■ What you are asked to do:
The entries that follow need to be reproduced exactly, minus any images.

■ Recorded data:
--

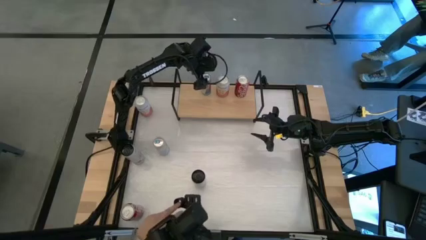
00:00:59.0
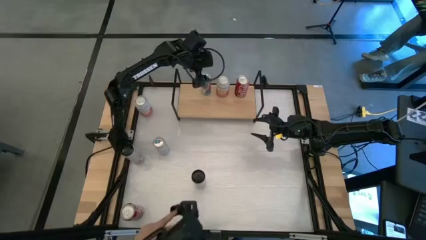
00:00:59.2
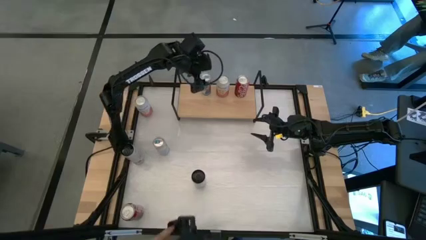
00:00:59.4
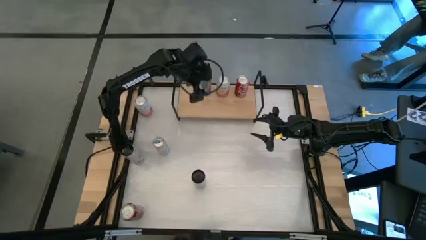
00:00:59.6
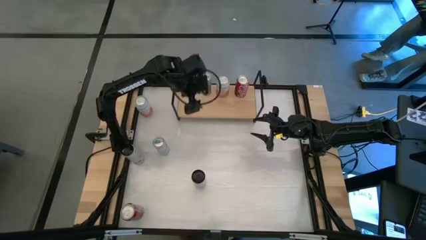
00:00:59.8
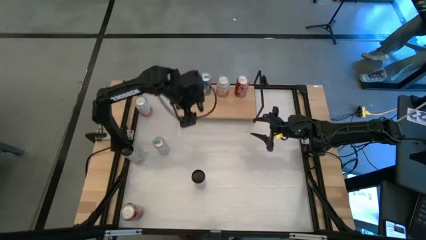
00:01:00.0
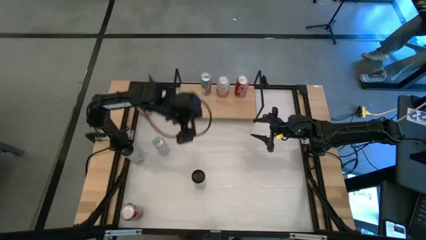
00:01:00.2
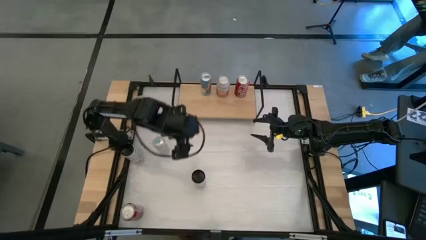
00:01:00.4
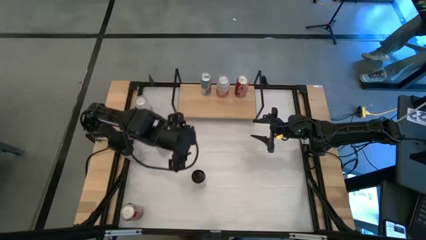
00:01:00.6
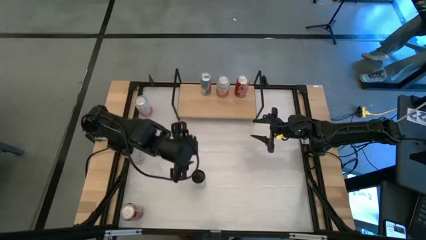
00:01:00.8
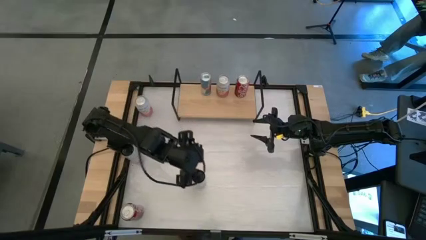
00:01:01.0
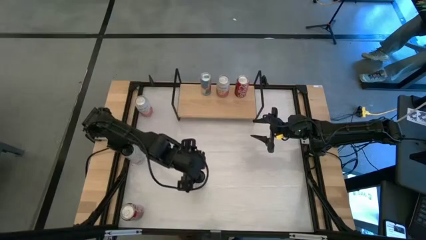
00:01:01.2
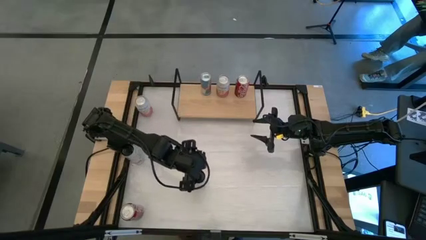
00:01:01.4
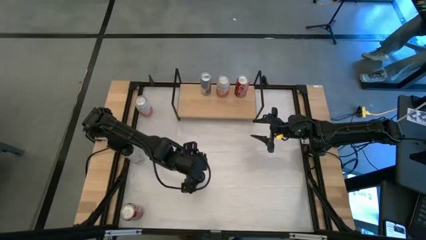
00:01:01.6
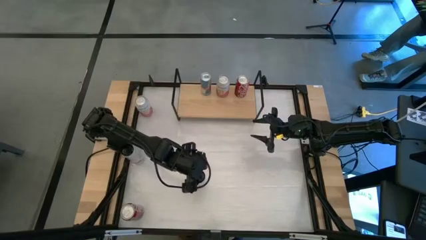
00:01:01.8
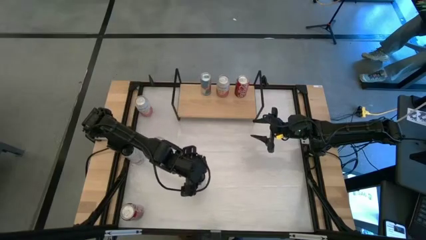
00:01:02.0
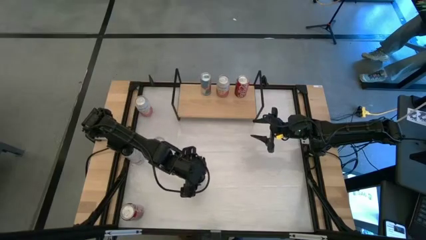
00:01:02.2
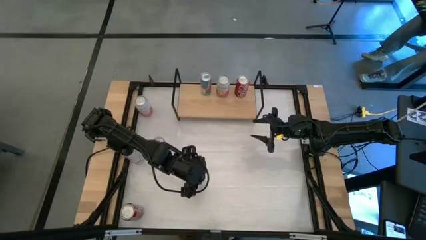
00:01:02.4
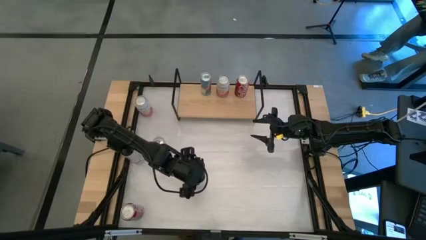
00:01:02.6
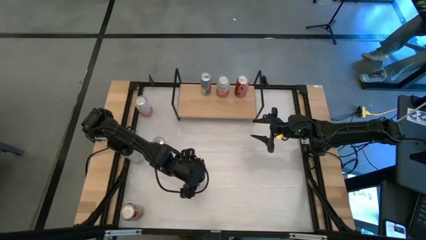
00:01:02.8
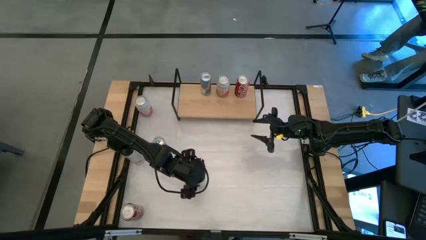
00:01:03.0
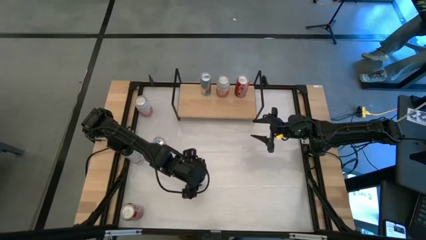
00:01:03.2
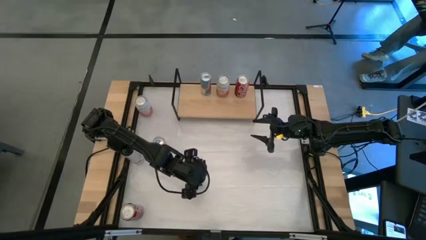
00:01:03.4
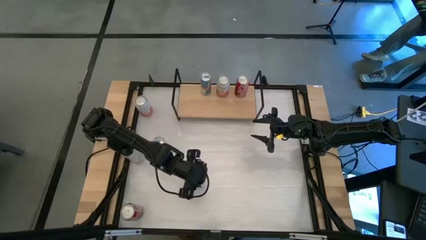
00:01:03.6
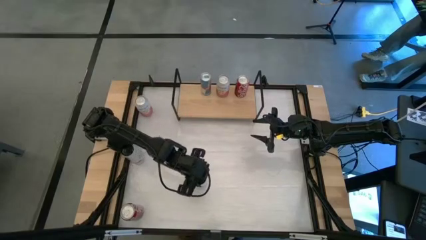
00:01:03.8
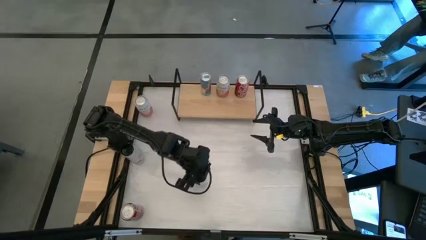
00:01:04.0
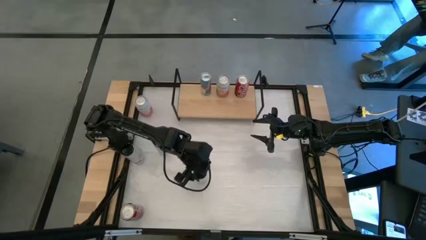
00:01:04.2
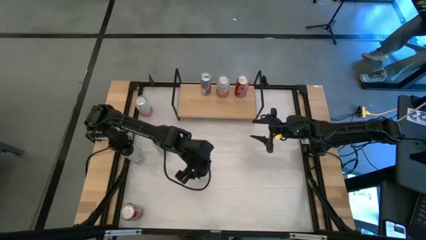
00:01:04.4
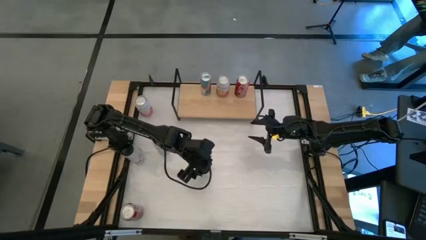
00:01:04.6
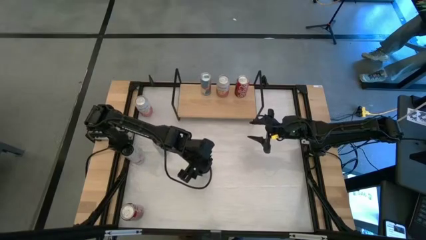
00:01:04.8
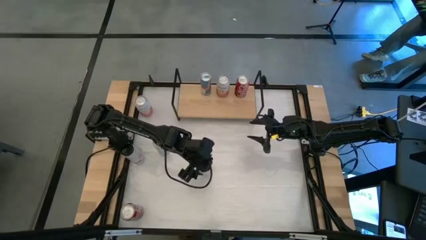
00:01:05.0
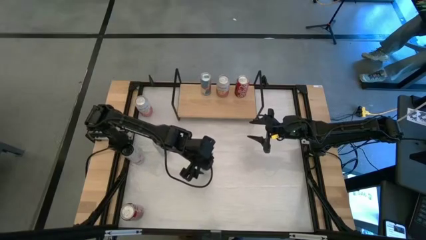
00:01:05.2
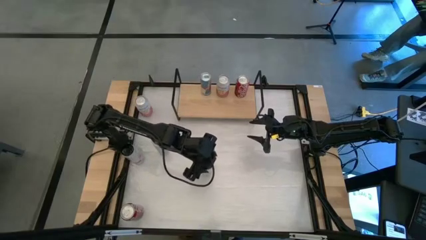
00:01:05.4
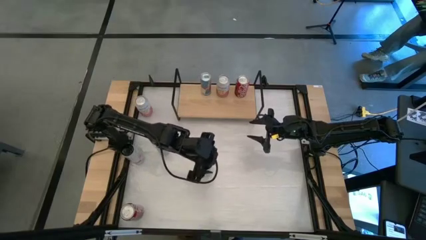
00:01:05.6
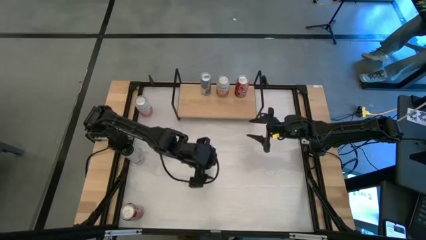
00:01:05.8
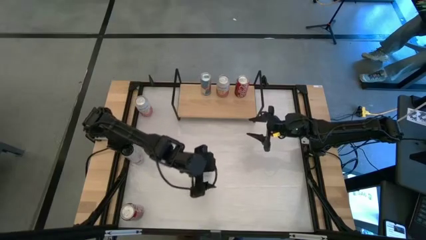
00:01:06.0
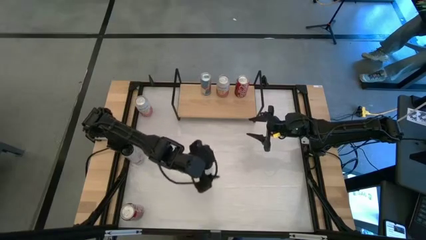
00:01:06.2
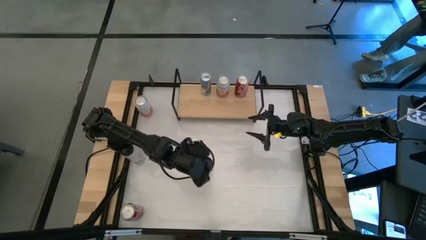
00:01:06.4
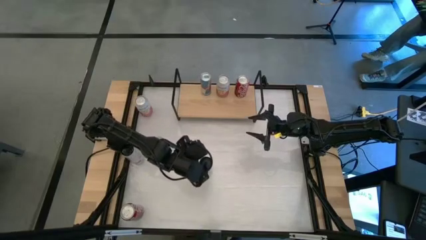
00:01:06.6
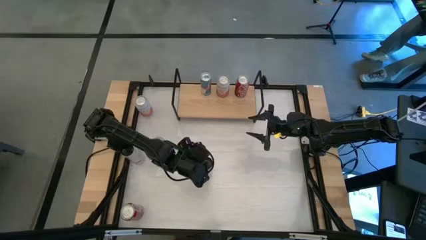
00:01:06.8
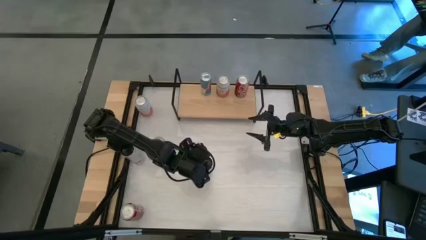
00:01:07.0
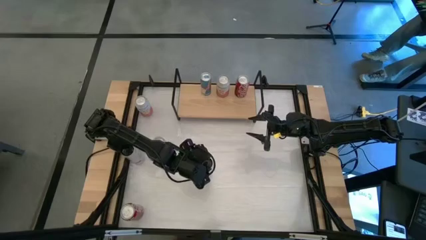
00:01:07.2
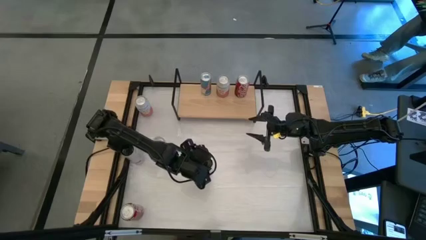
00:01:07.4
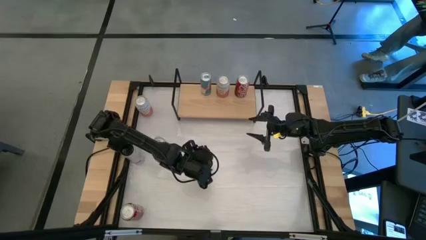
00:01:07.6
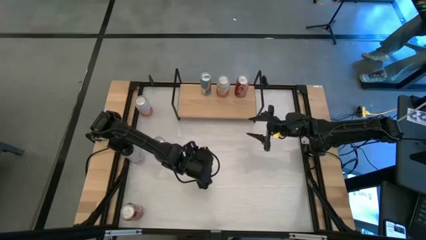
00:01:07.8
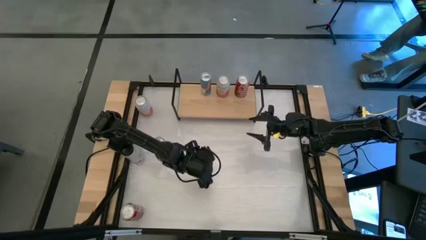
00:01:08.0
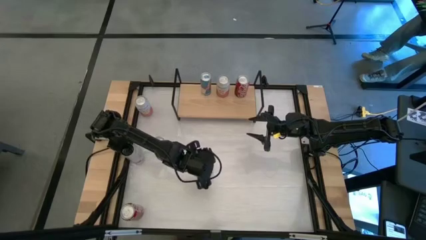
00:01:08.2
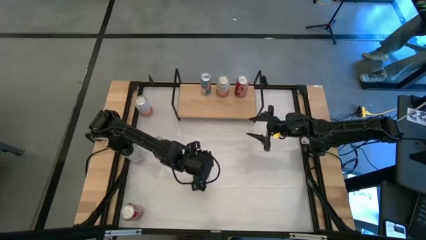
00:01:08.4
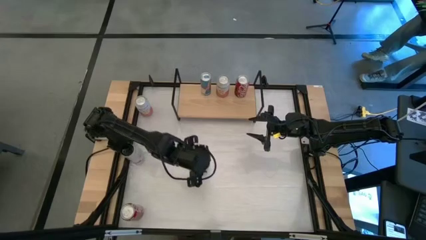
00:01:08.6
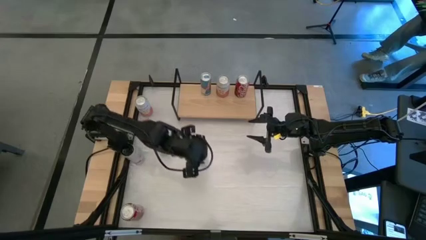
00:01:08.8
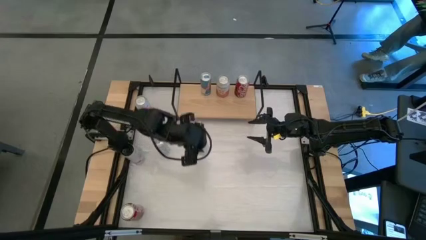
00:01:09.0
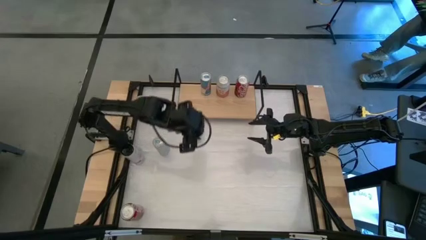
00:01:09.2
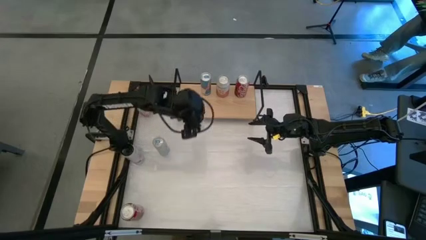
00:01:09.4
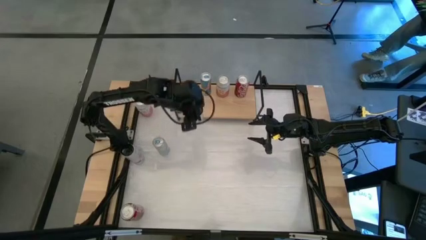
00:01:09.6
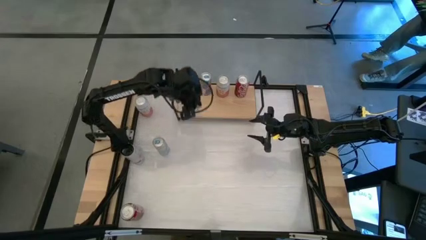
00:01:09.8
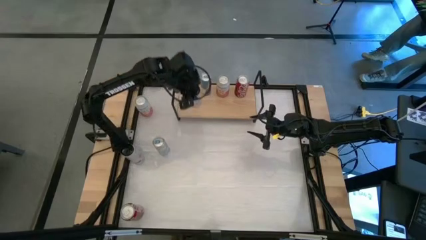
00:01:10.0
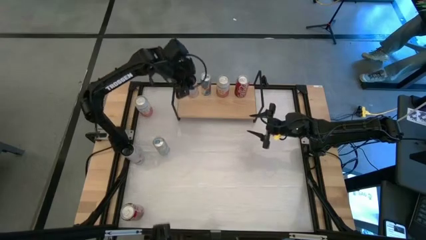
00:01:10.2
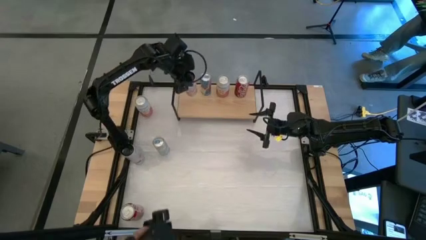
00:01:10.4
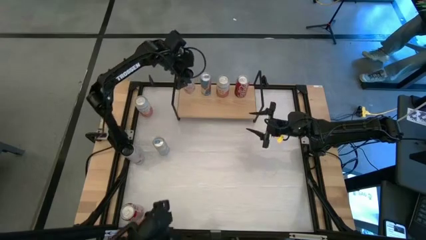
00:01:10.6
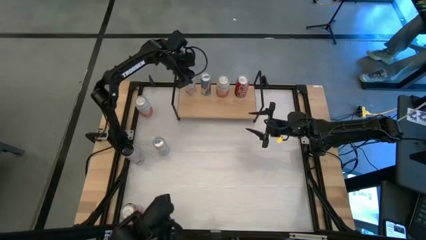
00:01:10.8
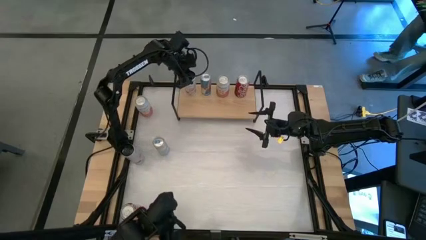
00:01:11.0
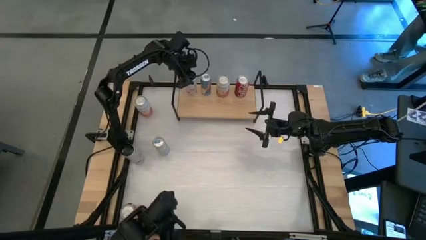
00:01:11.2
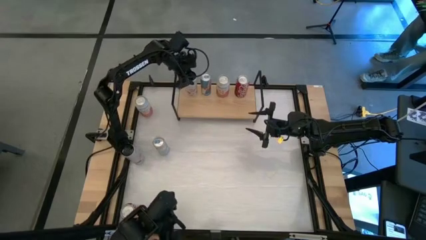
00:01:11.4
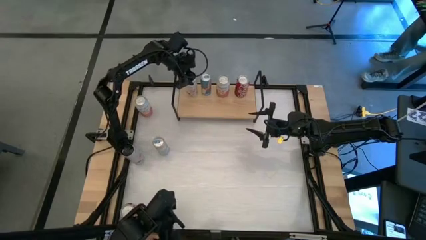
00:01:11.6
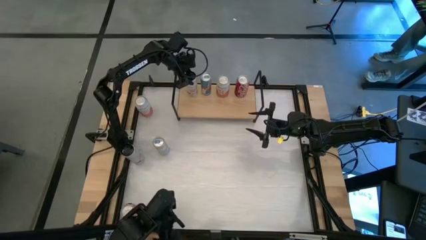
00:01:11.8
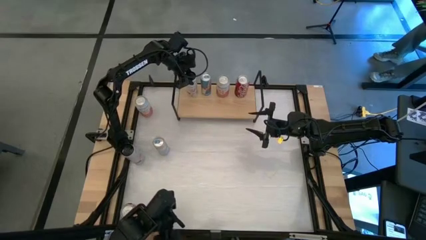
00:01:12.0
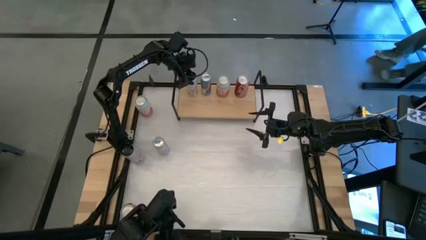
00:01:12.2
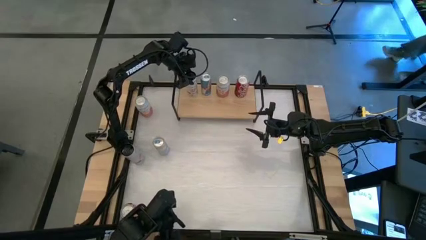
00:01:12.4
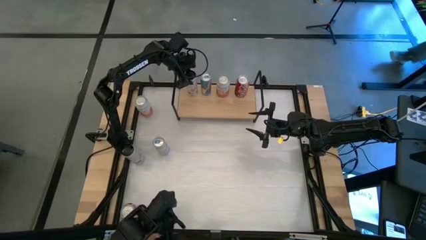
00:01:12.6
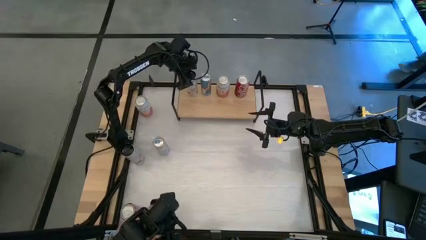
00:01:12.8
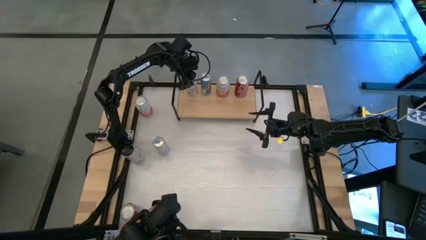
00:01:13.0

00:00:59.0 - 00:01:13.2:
Task: Place canned beverage on shelf
Put the right white pink soda can on the shelf

--

■ Answer to the problem:
00:00:59.0
00:00:59.2
00:00:59.4
00:00:59.6
00:00:59.8
00:01:00.0
00:01:00.2
00:01:00.4
00:01:00.6
00:01:00.8
00:01:01.0
00:01:01.2
00:01:01.4
00:01:01.6
00:01:01.8
00:01:02.0
00:01:02.2
00:01:02.4
00:01:02.6
00:01:02.8
00:01:03.0
00:01:03.2
00:01:03.4
00:01:03.6
00:01:03.8
00:01:04.0
00:01:04.2
00:01:04.4
00:01:04.6
00:01:04.8
00:01:05.0
00:01:05.2
00:01:05.4
00:01:05.6
00:01:05.8
00:01:06.0
00:01:06.2
00:01:06.4
00:01:06.6
00:01:06.8
00:01:07.0
00:01:07.2
00:01:07.4
00:01:07.6
00:01:07.8
00:01:08.0
00:01:08.2
00:01:08.4
00:01:08.6
00:01:08.8
00:01:09.0
00:01:09.2
00:01:09.4
00:01:09.6
00:01:09.8
00:01:10.0
00:01:10.2
00:01:10.4
00:01:10.6
00:01:10.8
00:01:11.0
00:01:11.2
00:01:11.4
00:01:11.6
00:01:11.8
00:01:12.0
00:01:12.2
00:01:12.4
00:01:12.6
00:01:12.8
00:01:13.0

00:00:59.0 - 00:01:13.2:
Task: Place canned beverage on shelf
Put the right white pink soda can on the shelf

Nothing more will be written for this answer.